**Instructions for the task**
Repeat, exactly and in full, the lines of the listing below, but without any pictures.

**Input records**

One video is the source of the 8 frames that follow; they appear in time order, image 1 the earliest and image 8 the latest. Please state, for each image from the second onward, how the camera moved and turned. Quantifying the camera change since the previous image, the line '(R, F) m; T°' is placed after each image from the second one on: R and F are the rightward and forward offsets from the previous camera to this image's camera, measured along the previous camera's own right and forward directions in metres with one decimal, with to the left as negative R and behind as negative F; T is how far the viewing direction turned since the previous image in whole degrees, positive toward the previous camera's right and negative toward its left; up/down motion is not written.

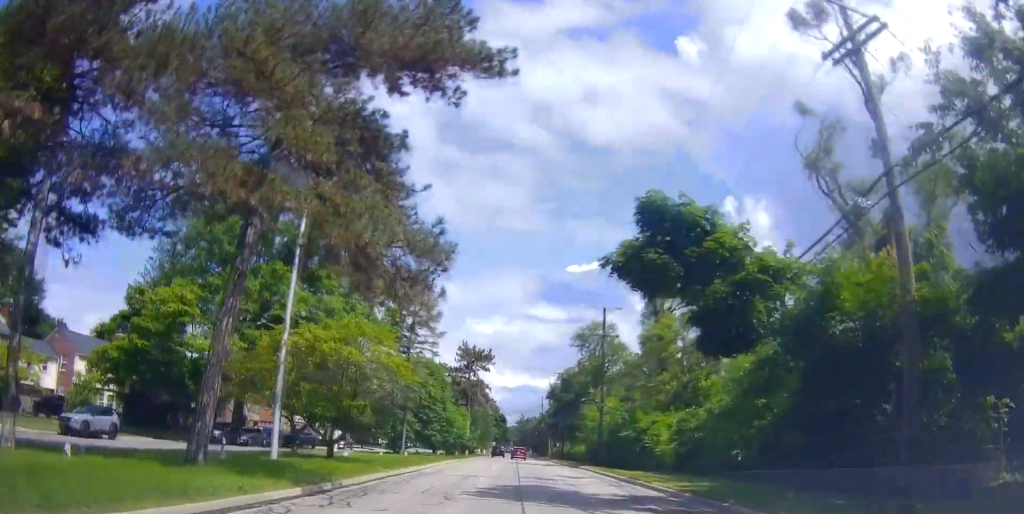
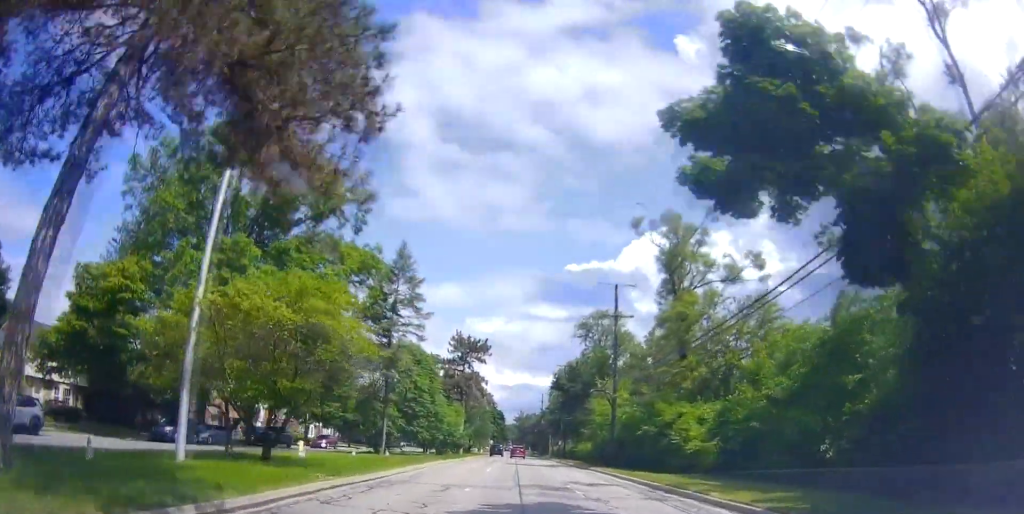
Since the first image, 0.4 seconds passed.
(-0.2, +7.0) m; 0°
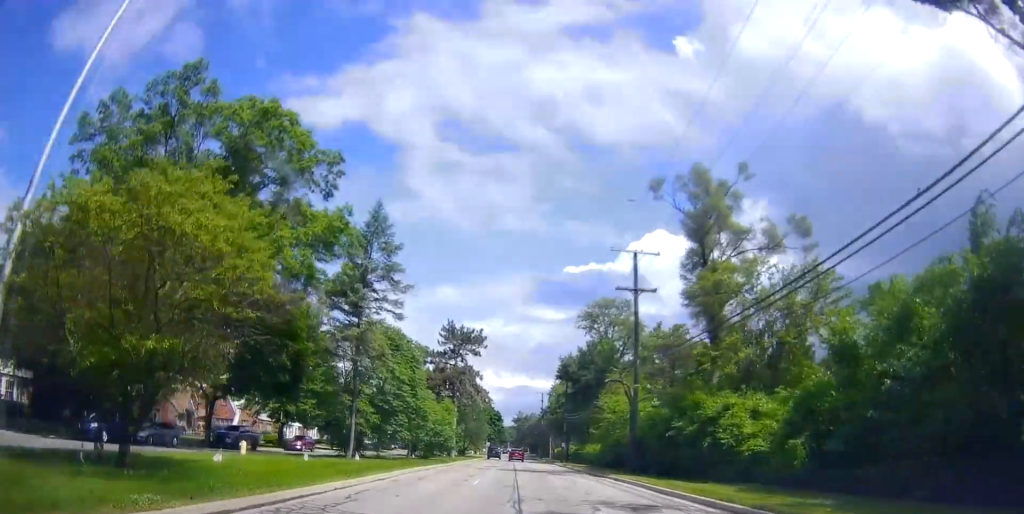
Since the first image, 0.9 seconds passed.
(-0.2, +8.1) m; 0°
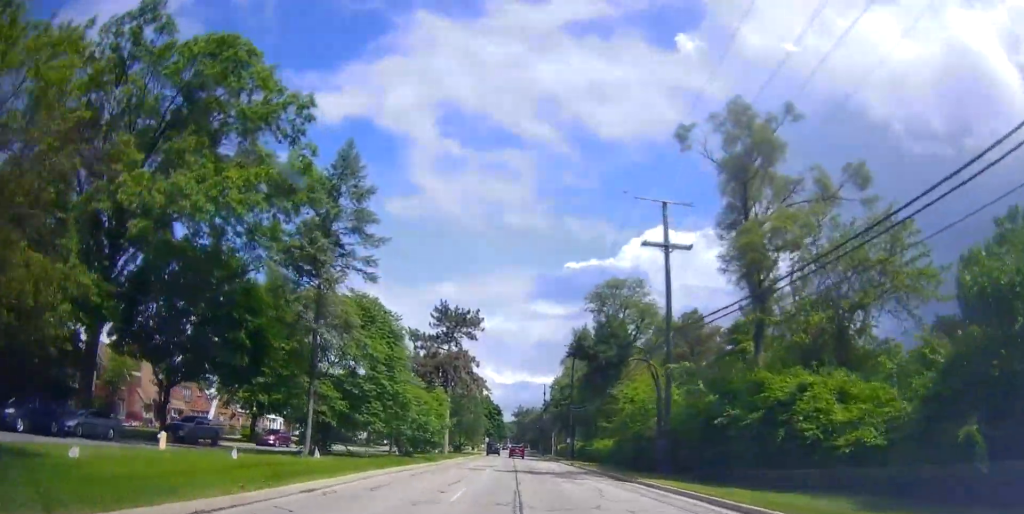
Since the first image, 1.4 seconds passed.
(+0.1, +7.5) m; 0°
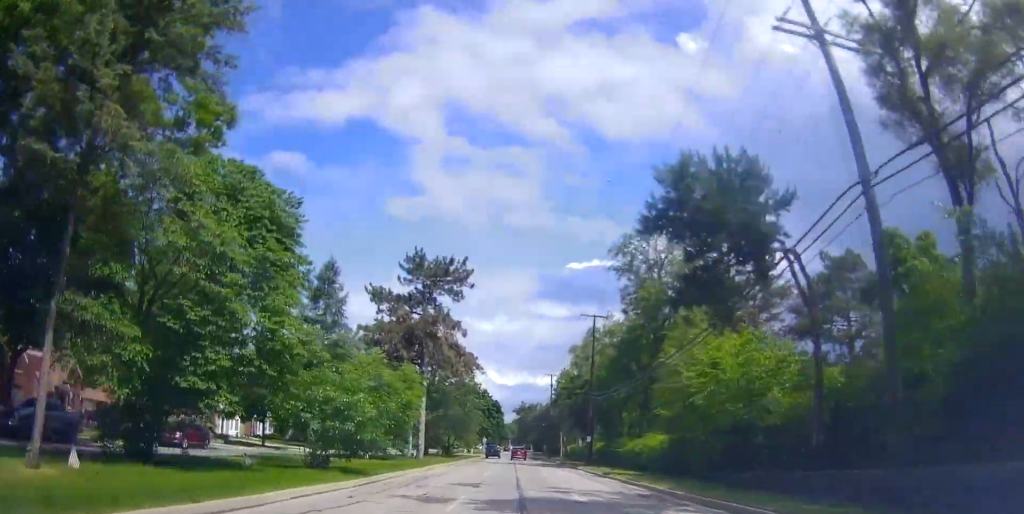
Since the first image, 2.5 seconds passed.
(-0.1, +17.6) m; -1°
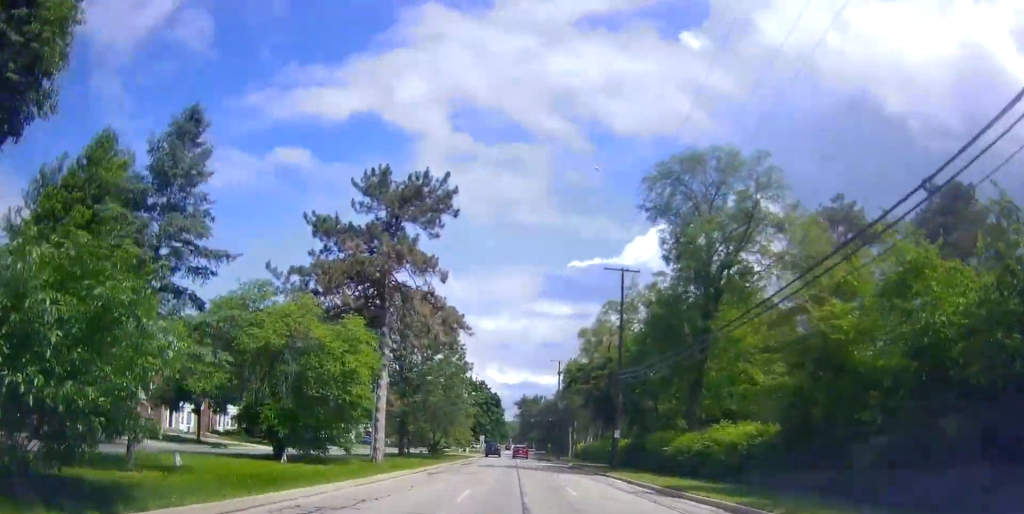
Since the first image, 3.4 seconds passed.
(-0.2, +14.2) m; +1°
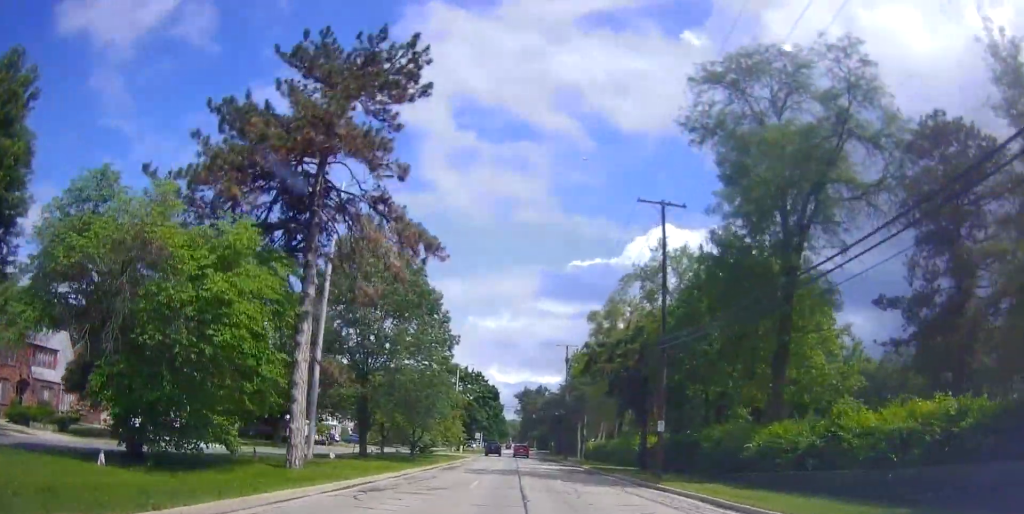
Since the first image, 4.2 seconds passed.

**Your response**
One video is the source of the 8 frames that follow; they appear in time order, image 1 the earliest and image 8 the latest. Please state, for each image from the second onward, how the camera moved and turned. Quantifying the camera change since the previous image, the line '(R, F) m; T°' is placed after each image from the second one on: R and F are the rightward and forward offsets from the previous camera to this image's camera, measured along the previous camera's own right and forward directions in metres with one decimal, with to the left as negative R and behind as negative F; T is how far the viewing direction turned since the previous image in whole degrees, positive toward the previous camera's right and negative toward its left; up/down motion is not written.

Since the first image, 0.4 seconds passed.
(-0.2, +7.0) m; 0°
Since the first image, 0.9 seconds passed.
(-0.2, +8.1) m; 0°
Since the first image, 1.4 seconds passed.
(+0.1, +7.5) m; 0°
Since the first image, 2.5 seconds passed.
(-0.1, +17.6) m; -1°
Since the first image, 3.4 seconds passed.
(-0.2, +14.2) m; +1°
Since the first image, 4.2 seconds passed.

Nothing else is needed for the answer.